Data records
+-------+

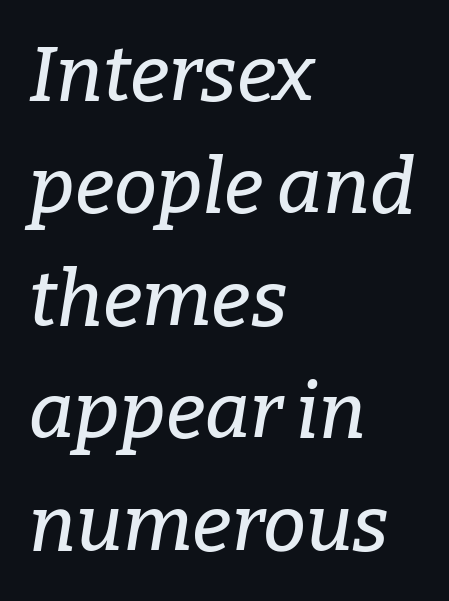
The image shows 77 px serif type, italic (leaning right); set left-aligned, normal line spacing (1.46x), normal letter spacing, not underlined; low stroke contrast and a medium x-height.
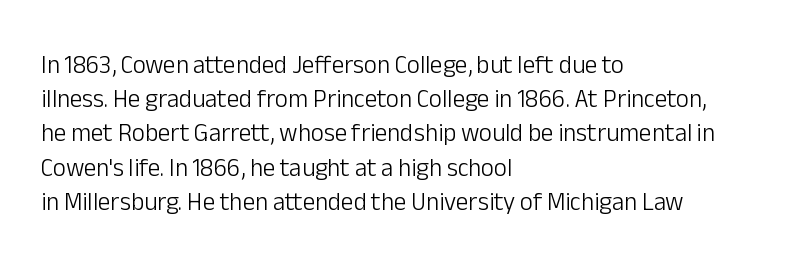
Q: Is the text bold? A: No.
Q: Is the text italic (slanted)? A: No, it is upright.
Q: Is the text underlined? A: No.
Q: How is the paragraph aligned? A: Left-aligned.
Q: Is the spacing between letters normal or unusually wide? A: Normal.
Q: Is the spacing between lines tight, normal or loose? A: Normal.
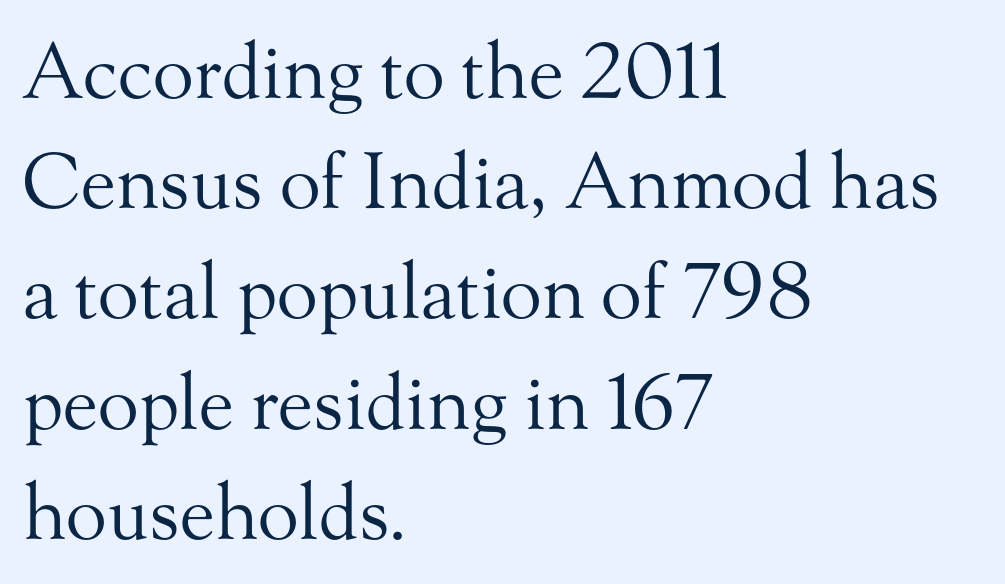
The cut favours lightness, reaching ordinary text weight at its darkest. This rendering employs a face with finishing strokes, i.e., a serif. Notice how the stems are strictly vertical — no italics here. Compared with typical body copy, the letter spacing here is the same. Interline gaps are of average width in this sample.
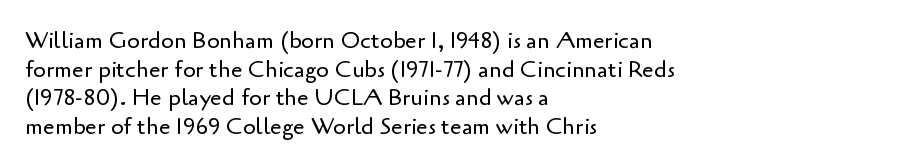
Q: Is the text bold? A: No.
Q: Is the text italic (slanted)? A: No, it is upright.
Q: Is the text underlined? A: No.
Q: How is the paragraph aligned? A: Left-aligned.
Q: Is the spacing between letters normal or unusually wide? A: Normal.
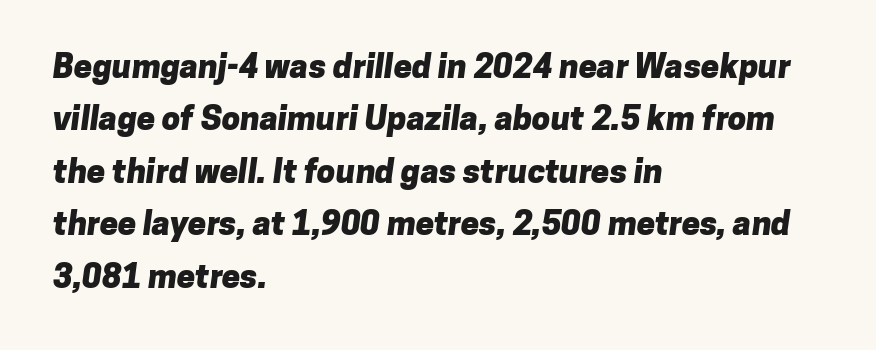
The image shows 33 px heavy sans-serif type; set left-aligned, normal line spacing (1.59x), normal letter spacing, not underlined; low stroke contrast and a medium x-height.
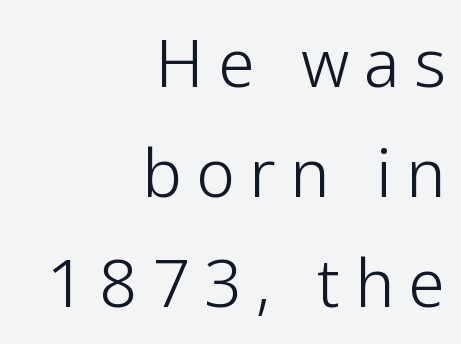
{"serif": "no", "italic": "no", "bold": "no", "weight": "light", "width": "normal", "stroke_contrast": "low", "x_height": "medium", "monospaced": "no", "underline": "no", "align": "right", "line_spacing": "normal", "line_spacing_ratio": 1.67, "letter_spacing": "wide", "letter_spacing_em": 0.22, "glyph_px": 66}
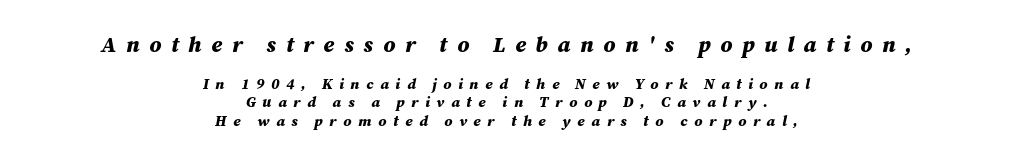
Q: Is the text bold? A: Yes.
Q: Is the text italic (slanted)? A: Yes, it leans right by about 12 degrees.
Q: Is the text underlined? A: No.
Q: How is the paragraph aligned? A: Centered.
Q: Is the spacing between letters normal or unusually wide? A: Unusually wide.
Q: Which block of text is set in a larger size, the first (top) or the second (bottom)? A: The first (top) one.
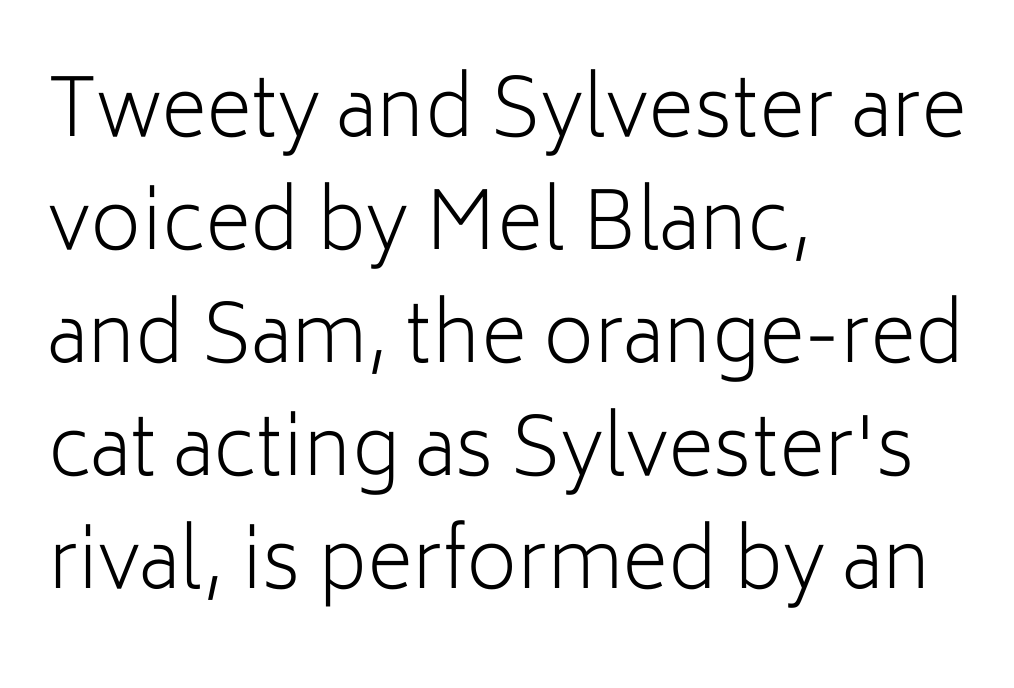
Compared with typical body copy, the letter spacing here is the same. No chunkiness to these letters — they're not bold. Compared with typical paragraphs, the rows here are spaced about the same. The typeface chosen for these lines omits serifs. Here the designer chose a conventional face with non-uniform glyph widths. Horizontal alignment here is leftward, the default for most running prose.
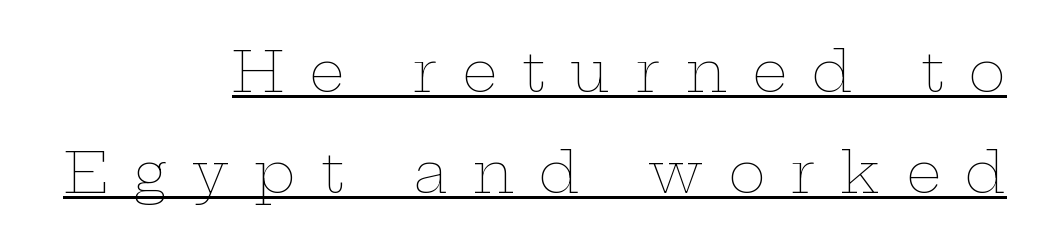
Line endings align vertically; line beginnings do not. Quick note: not italic, upright. Heft: none added — not bold. The passage shown is typed in a proportional face where columns would drift. Look at the tracking — it's clearly loosened, letters drifting apart.
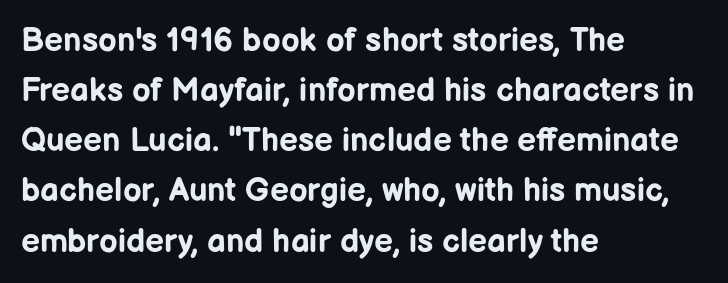
Any mark beneath the type? The region is blank. Posture: upright roman. Caption: standard tracking, unaltered. A typesetter would label this face a sans. Regular leading.

+-------+

Return the records above exactly, without the pictures.

The image shows 77 px serif type, italic (leaning right); set left-aligned, normal line spacing (1.46x), normal letter spacing, not underlined; low stroke contrast and a medium x-height.
Q: Is the text bold? A: No.
Q: Is the text italic (slanted)? A: No, it is upright.
Q: Is the text underlined? A: No.
Q: How is the paragraph aligned? A: Left-aligned.
Q: Is the spacing between letters normal or unusually wide? A: Normal.
Q: Is the spacing between lines tight, normal or loose? A: Normal.
The cut favours lightness, reaching ordinary text weight at its darkest. This rendering employs a face with finishing strokes, i.e., a serif. Notice how the stems are strictly vertical — no italics here. Compared with typical body copy, the letter spacing here is the same. Interline gaps are of average width in this sample.
Q: Is the text bold? A: No.
Q: Is the text italic (slanted)? A: No, it is upright.
Q: Is the text underlined? A: No.
Q: How is the paragraph aligned? A: Left-aligned.
Q: Is the spacing between letters normal or unusually wide? A: Normal.
The image shows 33 px heavy sans-serif type; set left-aligned, normal line spacing (1.59x), normal letter spacing, not underlined; low stroke contrast and a medium x-height.
{"serif": "no", "italic": "no", "bold": "no", "weight": "light", "width": "normal", "stroke_contrast": "low", "x_height": "medium", "monospaced": "no", "underline": "no", "align": "right", "line_spacing": "normal", "line_spacing_ratio": 1.67, "letter_spacing": "wide", "letter_spacing_em": 0.22, "glyph_px": 66}
Q: Is the text bold? A: Yes.
Q: Is the text italic (slanted)? A: Yes, it leans right by about 12 degrees.
Q: Is the text underlined? A: No.
Q: How is the paragraph aligned? A: Centered.
Q: Is the spacing between letters normal or unusually wide? A: Unusually wide.
Q: Which block of text is set in a larger size, the first (top) or the second (bottom)? A: The first (top) one.
Compared with typical body copy, the letter spacing here is the same. No chunkiness to these letters — they're not bold. Compared with typical paragraphs, the rows here are spaced about the same. The typeface chosen for these lines omits serifs. Here the designer chose a conventional face with non-uniform glyph widths. Horizontal alignment here is leftward, the default for most running prose.
Line endings align vertically; line beginnings do not. Quick note: not italic, upright. Heft: none added — not bold. The passage shown is typed in a proportional face where columns would drift. Look at the tracking — it's clearly loosened, letters drifting apart.
Any mark beneath the type? The region is blank. Posture: upright roman. Caption: standard tracking, unaltered. A typesetter would label this face a sans. Regular leading.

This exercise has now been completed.